I went low carb this time and chose courghetti (zoodles) instead off pasta. The boyfriend did go spaghetti all the way. Just one extra pot that needs a clean afterwards, but otherwise: no prob!

You’ll need (serves 2 people, about 495 kcal pp IF you go courghetti instead of pasta!)

For the tomato sauce:

  • 2 shallots
  • 1 garlic clove
  • 4 tomatoes
  • a pinch of bell pepper powder
  • a pinch of harissa
  • 1 tbsp of coconut oil
  • 3 carrots
  • 200g of button mushrooms

For the minced meat:

  • 150g porc fillet
  • 150 veal fillet
  • 1 egg
  • 1 tbsp of coconut oil
  • (or you can buy some readymade minced meat)

Directions:

First prepare your tomato sauce. Cut up one shallot into small pieces and peel and press a garlic clove. Fry them in a small pot in some coconut oil until it looks glaze. Cut up your tomatoes. Doesn’t matter if they’re still a bit chunky. Add the with the garlic and shallot. Season with salt and pepper, a pinch of bell pepper powder and some harissa. To taste, you can spice things up as much as you please. Let it simmer for a while. Mix the lot until you get a sauce texture.

Now prepare your minced meat. You can find a ‘how to’ here. Fry in a large pan and add to your tomato sauce once it’s done.

Cut up a shallot into small pieces. Heat a large pot (I used my ‘Le Creuset) with some coconut oil on a medium fire. Add the shallot. Peel the carrots and cut them up into small slices. Add them with your shallot when it looks glaze. Season with some salt and pepper. Clean the mushrooms and cut them in small pieces. Add them with the carrots. After a few minutes add the tomato sauce with the mince, now let it simmer for a while.

Meanwhile you can start to boil some water for your pasta or you can prepare the courghetti.

Et voila, that’s all there is to it.

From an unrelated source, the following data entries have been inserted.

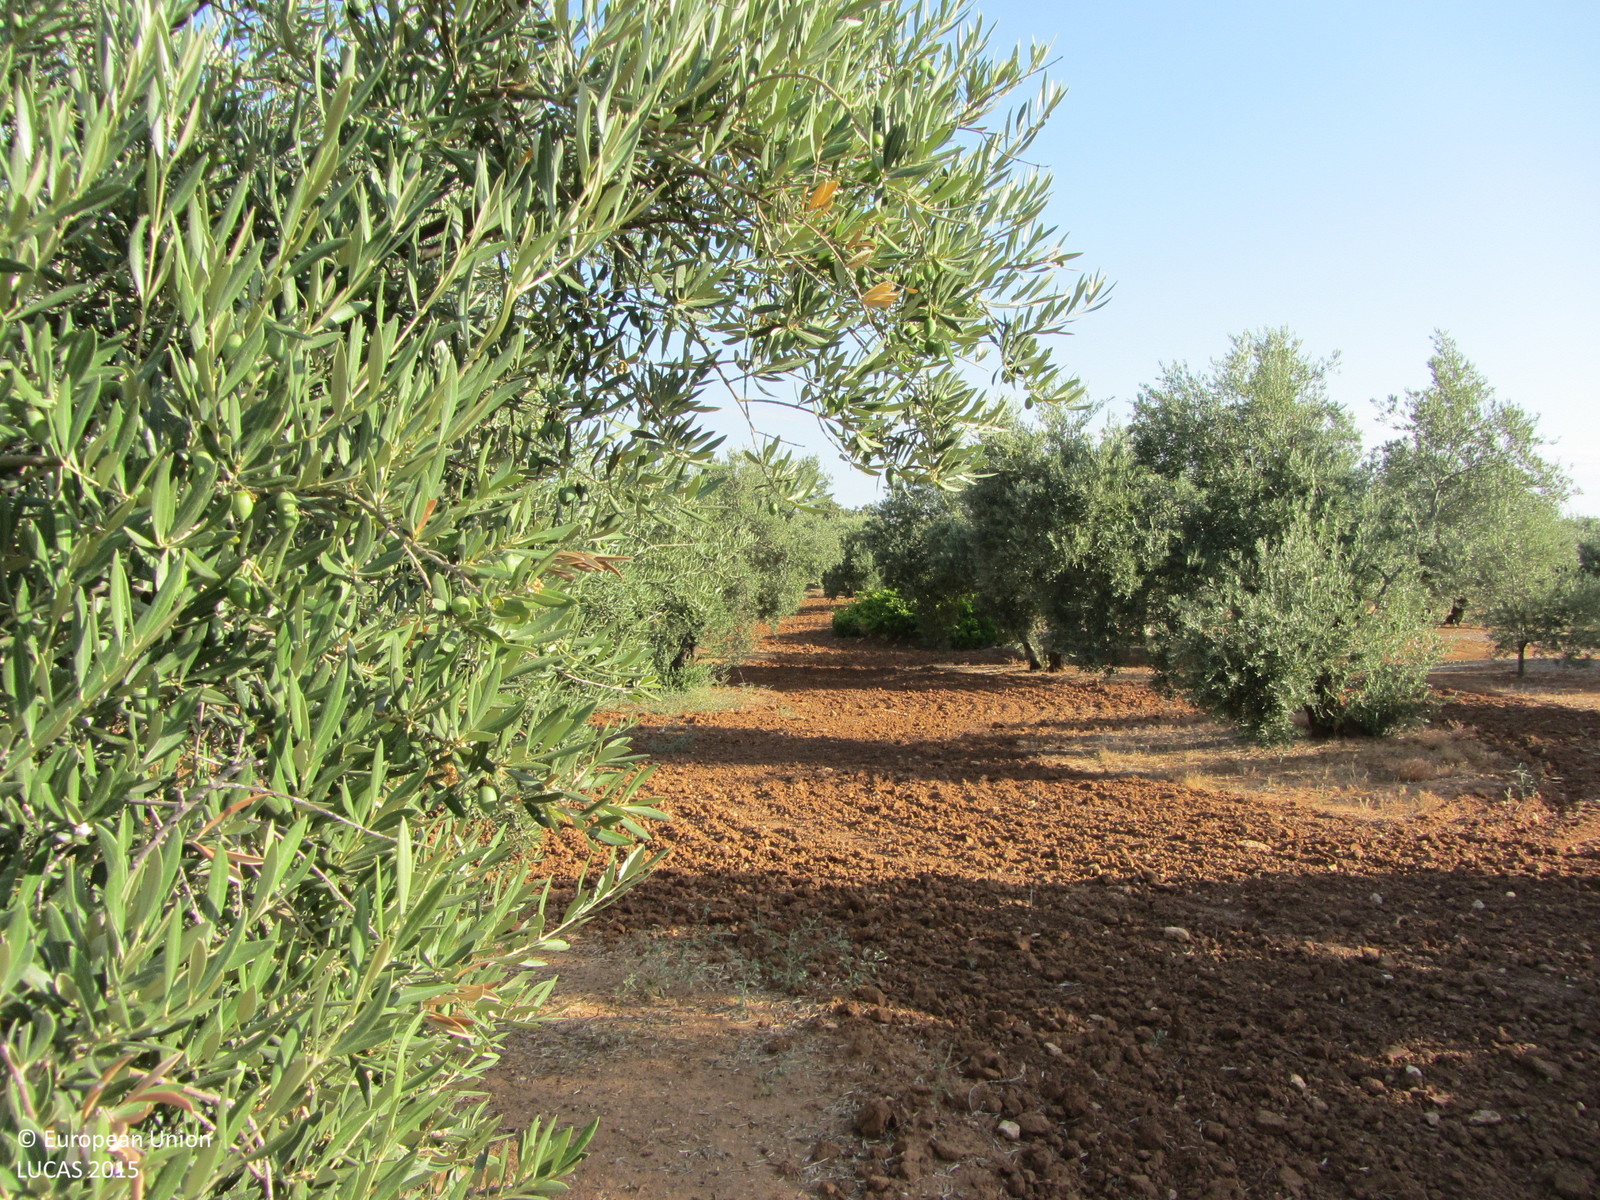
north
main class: Cropland
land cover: Olive groves
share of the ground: 25 - 50 %
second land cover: Other bare soil
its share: > 75 %
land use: Agriculture (excluding fallow land and kitchen gardens)
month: July
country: ES
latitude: 38.0552
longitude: -3.4378
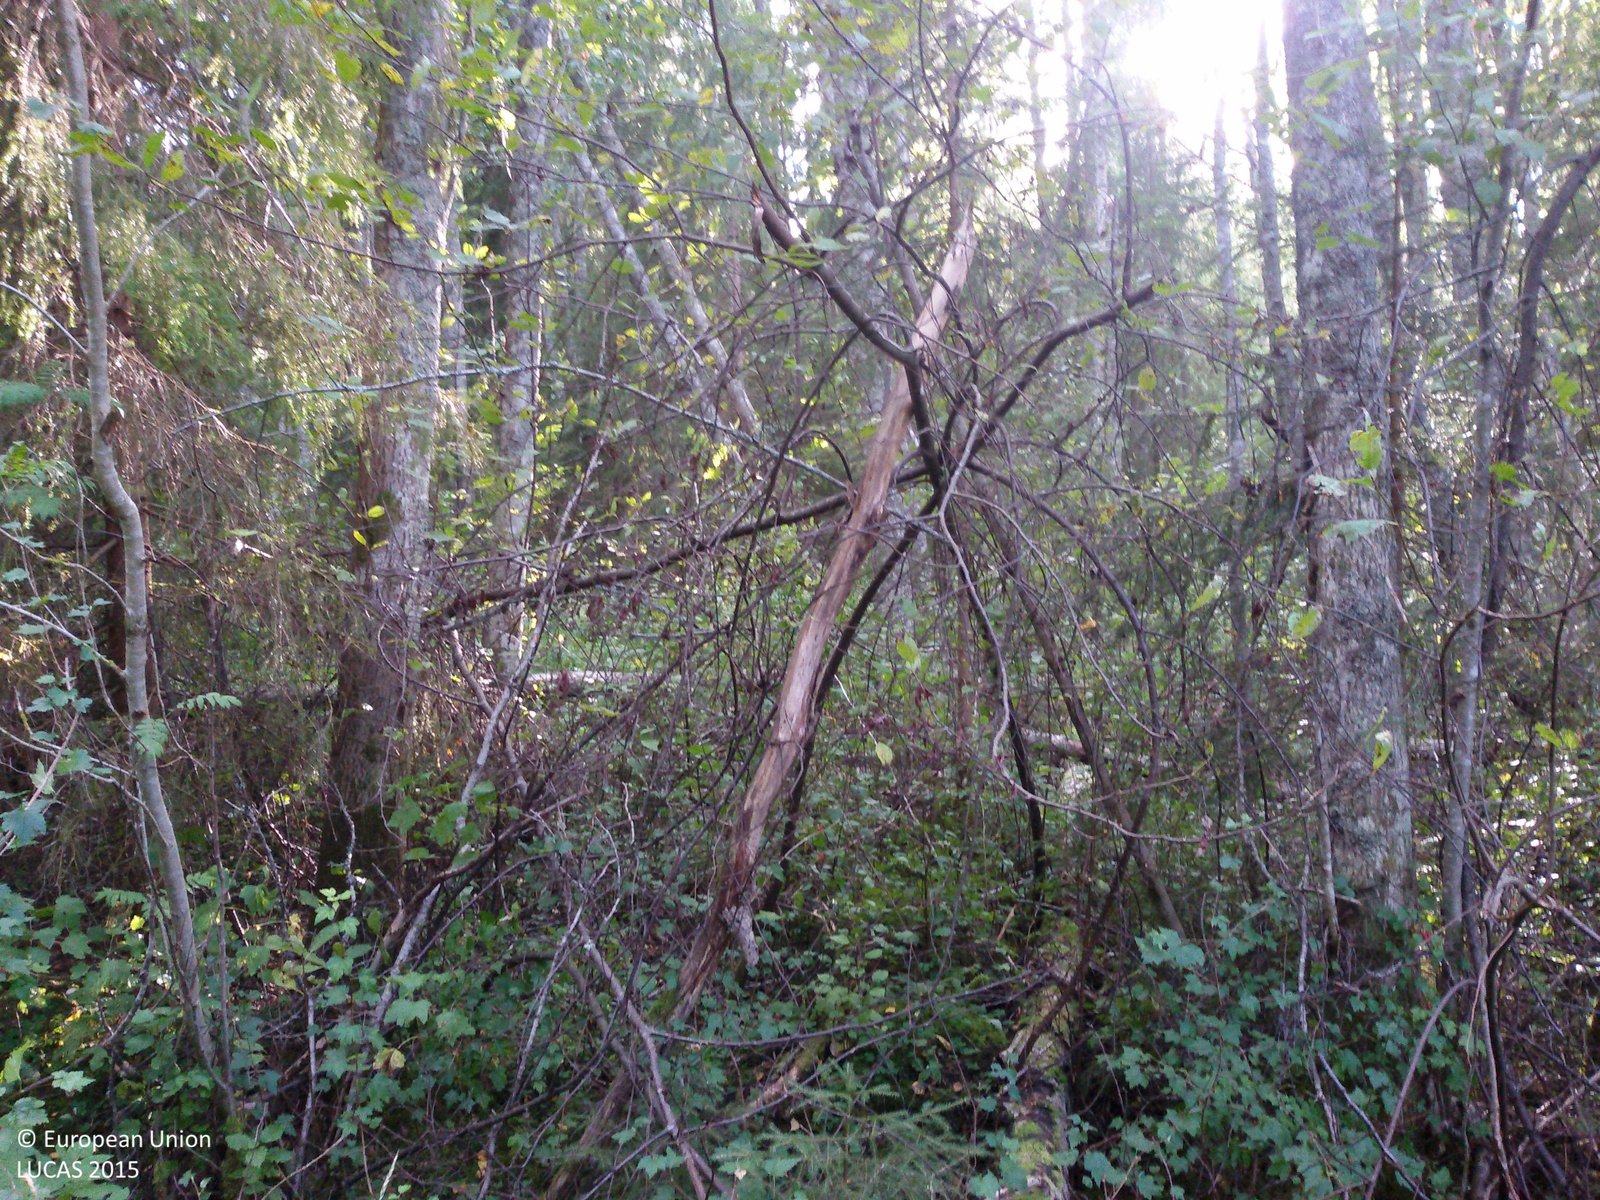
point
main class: Woodland
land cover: Spruce dominated mixed woodland
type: boreal forest
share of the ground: > 75 %
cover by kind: coniferous forest trees 30 %, broadleaved forest trees 30 %, herbaceous plants 25 %, shrubs 10 %, lichens and mosses 5 %
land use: Forestry
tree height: > 5 m
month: September
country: SE
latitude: 60.8303
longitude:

Oh, maybe one last tip: bolognese sauce tastes a million times better when prepared the day before. 🙂

Bon appetito!

xo, Kirsten

Bolognese sauce

DIY minced meat

Since I usually make my own mince, I thought I’d share a ‘how to’ here. That way, I can always refer to this post whenever I make minced meat. And you guys can still choose if you want to buy readymade minced meat from the supermarket or if you want it home made, which is way healthier. 😉

Anyhow, it’s easy peasy to make it. I have to warn you though, it’s a little dryer then regular mince. But I prefer it because I know everything that’s inside of it (not much 🙂 ). Wereas if you buy it from a supermarket, it’s filled with shady ingredients and the ‘meat’ are mostly leftovers. I say: eww!

Directions:

First pick you meat, obviously you’ll need lamb fillet if you want minced lamb, chicken breasts if you want minced chicken and veal with porc fillets if you want mixed mince and so on. For a two person serving I’ll usually take little over 300g of meat. Because it sticks to the sides of the food processor you’ll probably end up with 300g of minced meat. 🙂

Cut up your meat into chunky pieces. Put them into a food processor together with one egg and a good amount of salt and pepper. I often add some harissa or other spices, because I prefer thoroughly seasoned mince. Start shredding until it looks like mince. (Jup, that’s how easy it goes!)

DONE!

All there is left to do is to bake and serve it. (Or add some extra herbs like cilantro through your chicken mince: yum!)